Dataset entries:
· · · · · · ·

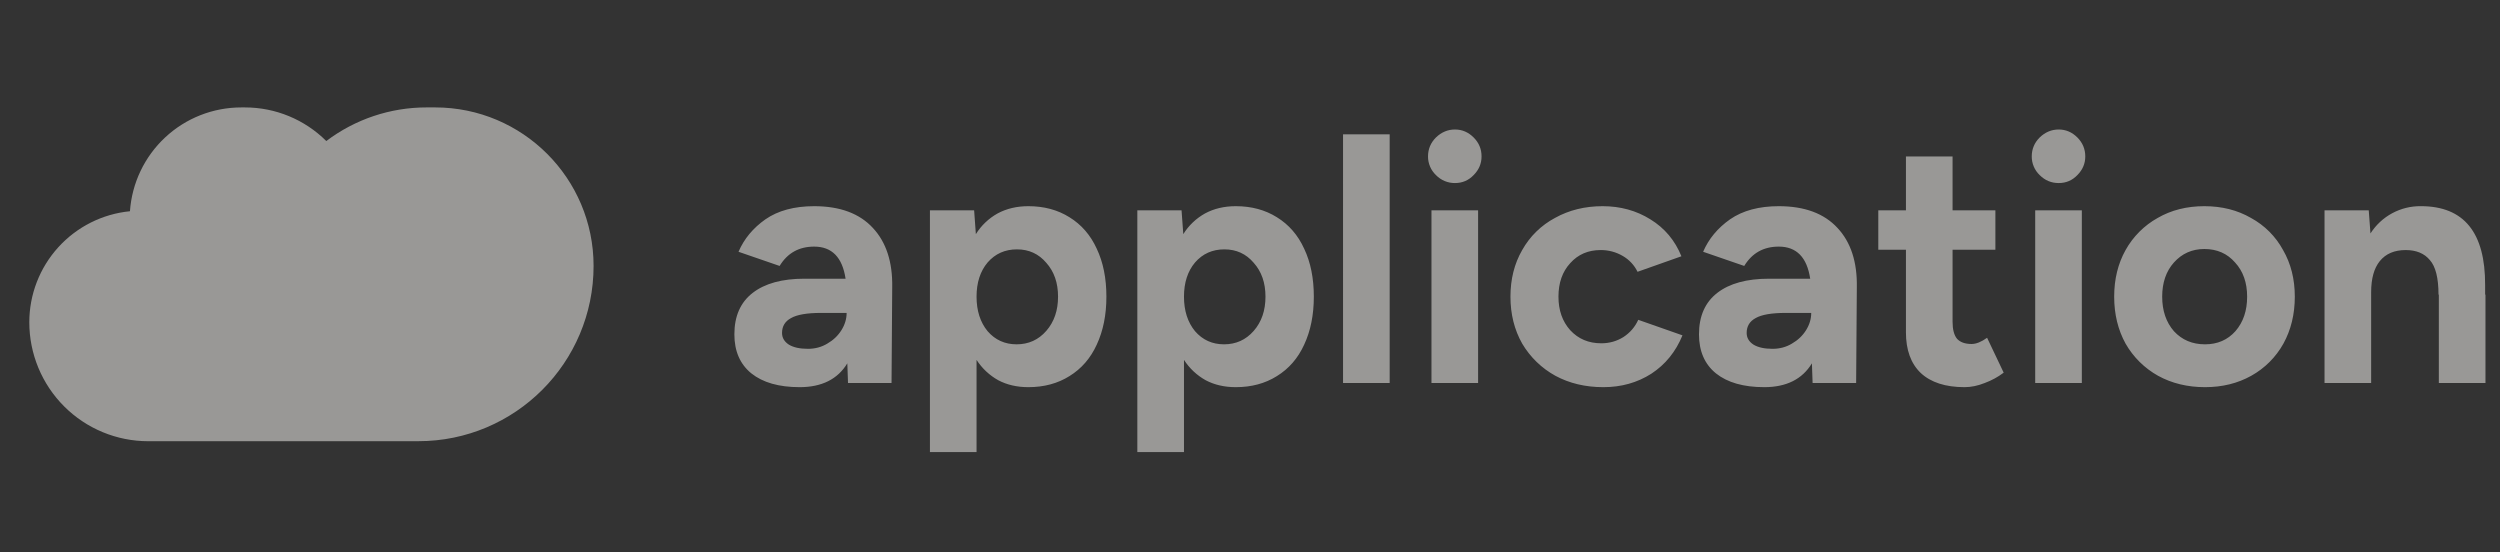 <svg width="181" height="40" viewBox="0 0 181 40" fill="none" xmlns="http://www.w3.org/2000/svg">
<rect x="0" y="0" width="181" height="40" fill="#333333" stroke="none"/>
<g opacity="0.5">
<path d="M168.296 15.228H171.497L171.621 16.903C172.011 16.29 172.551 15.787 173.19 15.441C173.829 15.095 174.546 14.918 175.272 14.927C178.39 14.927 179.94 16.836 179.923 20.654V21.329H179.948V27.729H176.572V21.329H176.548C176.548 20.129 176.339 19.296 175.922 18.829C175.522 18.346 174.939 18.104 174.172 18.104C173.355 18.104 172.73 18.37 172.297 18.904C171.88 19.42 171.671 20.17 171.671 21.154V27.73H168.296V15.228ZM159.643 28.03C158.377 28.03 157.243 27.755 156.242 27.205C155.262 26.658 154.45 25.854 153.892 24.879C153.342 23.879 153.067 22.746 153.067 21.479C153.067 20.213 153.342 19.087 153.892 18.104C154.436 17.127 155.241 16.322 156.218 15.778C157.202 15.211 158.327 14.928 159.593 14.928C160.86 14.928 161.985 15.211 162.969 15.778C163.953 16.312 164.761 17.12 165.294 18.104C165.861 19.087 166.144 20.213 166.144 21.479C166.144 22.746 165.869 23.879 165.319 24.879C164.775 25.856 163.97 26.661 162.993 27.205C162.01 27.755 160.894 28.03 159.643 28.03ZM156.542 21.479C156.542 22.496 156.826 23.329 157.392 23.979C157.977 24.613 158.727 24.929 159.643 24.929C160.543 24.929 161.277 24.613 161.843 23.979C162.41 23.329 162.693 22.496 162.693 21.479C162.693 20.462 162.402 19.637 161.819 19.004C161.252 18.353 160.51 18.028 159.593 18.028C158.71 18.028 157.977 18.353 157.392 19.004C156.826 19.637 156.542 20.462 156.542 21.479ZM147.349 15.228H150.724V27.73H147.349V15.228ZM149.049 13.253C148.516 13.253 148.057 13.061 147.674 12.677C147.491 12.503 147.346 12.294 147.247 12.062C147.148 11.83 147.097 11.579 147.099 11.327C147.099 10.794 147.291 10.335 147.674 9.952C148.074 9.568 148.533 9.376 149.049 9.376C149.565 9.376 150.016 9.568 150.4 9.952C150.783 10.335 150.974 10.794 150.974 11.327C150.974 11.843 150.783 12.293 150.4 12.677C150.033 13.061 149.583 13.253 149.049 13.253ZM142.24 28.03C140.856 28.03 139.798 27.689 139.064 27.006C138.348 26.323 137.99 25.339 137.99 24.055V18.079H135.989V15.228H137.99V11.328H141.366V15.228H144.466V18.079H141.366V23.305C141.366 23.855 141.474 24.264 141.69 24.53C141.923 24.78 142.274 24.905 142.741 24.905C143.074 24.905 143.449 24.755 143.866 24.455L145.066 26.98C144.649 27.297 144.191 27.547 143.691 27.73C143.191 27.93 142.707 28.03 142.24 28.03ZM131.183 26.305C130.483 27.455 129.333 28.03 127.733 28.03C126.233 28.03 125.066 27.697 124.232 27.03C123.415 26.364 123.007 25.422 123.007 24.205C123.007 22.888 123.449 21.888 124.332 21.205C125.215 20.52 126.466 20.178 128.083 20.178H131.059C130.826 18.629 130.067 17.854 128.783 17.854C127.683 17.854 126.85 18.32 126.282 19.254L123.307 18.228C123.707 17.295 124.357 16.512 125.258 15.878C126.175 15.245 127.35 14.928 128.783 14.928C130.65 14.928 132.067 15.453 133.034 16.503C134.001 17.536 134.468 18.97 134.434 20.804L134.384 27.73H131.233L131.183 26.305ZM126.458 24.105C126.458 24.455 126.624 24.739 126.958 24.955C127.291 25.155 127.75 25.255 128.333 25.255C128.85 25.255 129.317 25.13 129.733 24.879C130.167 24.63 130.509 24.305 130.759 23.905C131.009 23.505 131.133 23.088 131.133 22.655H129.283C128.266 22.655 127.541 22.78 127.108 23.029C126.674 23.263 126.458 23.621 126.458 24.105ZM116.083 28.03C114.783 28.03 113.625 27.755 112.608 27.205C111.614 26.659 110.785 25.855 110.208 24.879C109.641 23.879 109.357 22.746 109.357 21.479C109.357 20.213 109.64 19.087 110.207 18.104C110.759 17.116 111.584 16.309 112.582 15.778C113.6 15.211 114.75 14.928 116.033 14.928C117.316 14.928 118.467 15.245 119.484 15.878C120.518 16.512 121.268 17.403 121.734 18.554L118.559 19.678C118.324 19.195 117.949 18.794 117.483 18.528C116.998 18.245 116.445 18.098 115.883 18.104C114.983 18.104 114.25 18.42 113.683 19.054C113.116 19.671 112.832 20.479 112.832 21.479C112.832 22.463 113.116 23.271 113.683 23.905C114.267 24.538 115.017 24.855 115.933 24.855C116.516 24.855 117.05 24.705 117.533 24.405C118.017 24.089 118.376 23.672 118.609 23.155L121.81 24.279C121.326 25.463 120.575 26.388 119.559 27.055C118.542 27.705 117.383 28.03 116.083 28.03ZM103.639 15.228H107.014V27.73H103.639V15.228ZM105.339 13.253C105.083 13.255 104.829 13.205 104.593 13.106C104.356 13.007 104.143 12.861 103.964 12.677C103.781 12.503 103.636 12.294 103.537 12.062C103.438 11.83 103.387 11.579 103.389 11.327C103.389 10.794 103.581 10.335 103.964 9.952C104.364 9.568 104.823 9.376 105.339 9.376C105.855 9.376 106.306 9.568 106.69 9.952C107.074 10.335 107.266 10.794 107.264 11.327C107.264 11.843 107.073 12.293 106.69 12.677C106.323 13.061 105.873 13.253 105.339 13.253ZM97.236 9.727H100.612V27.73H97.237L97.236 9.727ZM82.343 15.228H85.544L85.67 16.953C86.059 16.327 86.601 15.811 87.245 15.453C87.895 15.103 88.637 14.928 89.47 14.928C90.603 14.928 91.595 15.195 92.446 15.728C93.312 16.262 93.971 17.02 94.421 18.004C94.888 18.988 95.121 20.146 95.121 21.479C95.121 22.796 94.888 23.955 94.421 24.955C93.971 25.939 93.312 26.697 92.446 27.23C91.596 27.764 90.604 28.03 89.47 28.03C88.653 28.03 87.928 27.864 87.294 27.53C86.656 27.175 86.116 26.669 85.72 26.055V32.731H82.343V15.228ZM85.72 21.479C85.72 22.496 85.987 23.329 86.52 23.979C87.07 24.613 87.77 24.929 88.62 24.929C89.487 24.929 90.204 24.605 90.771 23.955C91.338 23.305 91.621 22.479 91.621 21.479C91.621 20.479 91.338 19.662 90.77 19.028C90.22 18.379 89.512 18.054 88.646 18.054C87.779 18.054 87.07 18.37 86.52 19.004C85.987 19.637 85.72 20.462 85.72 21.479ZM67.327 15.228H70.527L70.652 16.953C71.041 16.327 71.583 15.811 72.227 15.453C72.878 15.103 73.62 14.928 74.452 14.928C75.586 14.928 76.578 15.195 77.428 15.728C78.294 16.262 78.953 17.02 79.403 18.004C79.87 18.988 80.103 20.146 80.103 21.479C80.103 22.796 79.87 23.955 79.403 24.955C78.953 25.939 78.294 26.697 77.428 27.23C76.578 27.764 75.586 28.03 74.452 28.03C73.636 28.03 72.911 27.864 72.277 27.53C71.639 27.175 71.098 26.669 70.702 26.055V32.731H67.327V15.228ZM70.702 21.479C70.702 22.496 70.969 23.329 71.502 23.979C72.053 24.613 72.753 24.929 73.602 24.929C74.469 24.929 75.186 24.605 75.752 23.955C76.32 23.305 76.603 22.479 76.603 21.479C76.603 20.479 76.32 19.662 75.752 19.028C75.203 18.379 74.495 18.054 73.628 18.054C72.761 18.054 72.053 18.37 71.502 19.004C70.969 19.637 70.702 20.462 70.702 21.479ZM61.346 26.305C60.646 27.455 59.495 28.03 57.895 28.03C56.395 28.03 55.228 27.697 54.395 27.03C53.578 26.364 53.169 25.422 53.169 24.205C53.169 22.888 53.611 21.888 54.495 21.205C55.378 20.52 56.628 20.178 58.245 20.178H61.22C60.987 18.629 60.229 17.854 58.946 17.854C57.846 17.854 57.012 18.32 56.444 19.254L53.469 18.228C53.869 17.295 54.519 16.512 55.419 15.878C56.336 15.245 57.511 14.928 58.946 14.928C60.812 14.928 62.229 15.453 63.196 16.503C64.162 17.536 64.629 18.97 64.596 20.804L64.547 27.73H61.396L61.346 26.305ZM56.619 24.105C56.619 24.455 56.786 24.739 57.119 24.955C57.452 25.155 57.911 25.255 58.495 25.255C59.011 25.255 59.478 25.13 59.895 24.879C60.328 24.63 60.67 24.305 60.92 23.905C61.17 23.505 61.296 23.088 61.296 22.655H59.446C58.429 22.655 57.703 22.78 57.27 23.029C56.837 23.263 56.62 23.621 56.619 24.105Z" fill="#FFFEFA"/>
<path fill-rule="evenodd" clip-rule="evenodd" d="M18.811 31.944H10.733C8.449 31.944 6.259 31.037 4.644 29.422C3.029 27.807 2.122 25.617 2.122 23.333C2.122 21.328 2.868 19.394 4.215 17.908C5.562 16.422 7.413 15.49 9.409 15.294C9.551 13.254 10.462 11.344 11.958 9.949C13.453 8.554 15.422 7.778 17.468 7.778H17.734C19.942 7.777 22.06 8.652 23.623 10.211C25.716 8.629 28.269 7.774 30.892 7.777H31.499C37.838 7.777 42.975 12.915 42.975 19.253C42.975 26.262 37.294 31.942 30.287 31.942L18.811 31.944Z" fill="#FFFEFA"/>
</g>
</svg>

· · · · · · ·

*TASK DESCRIPTION*
Repeat only what runs from the line holding "31.944H10.733C8.449 31.944 6.259" to the end of the data, keeping every line exactly as written, first and last included.

*RESPONSE TO THIS EXERCISE*
<path fill-rule="evenodd" clip-rule="evenodd" d="M18.811 31.944H10.733C8.449 31.944 6.259 31.037 4.644 29.422C3.029 27.807 2.122 25.617 2.122 23.333C2.122 21.328 2.868 19.394 4.215 17.908C5.562 16.422 7.413 15.49 9.409 15.294C9.551 13.254 10.462 11.344 11.958 9.949C13.453 8.554 15.422 7.778 17.468 7.778H17.734C19.942 7.777 22.06 8.652 23.623 10.211C25.716 8.629 28.269 7.774 30.892 7.777H31.499C37.838 7.777 42.975 12.915 42.975 19.253C42.975 26.262 37.294 31.942 30.287 31.942L18.811 31.944Z" fill="#FFFEFA"/>
</g>
</svg>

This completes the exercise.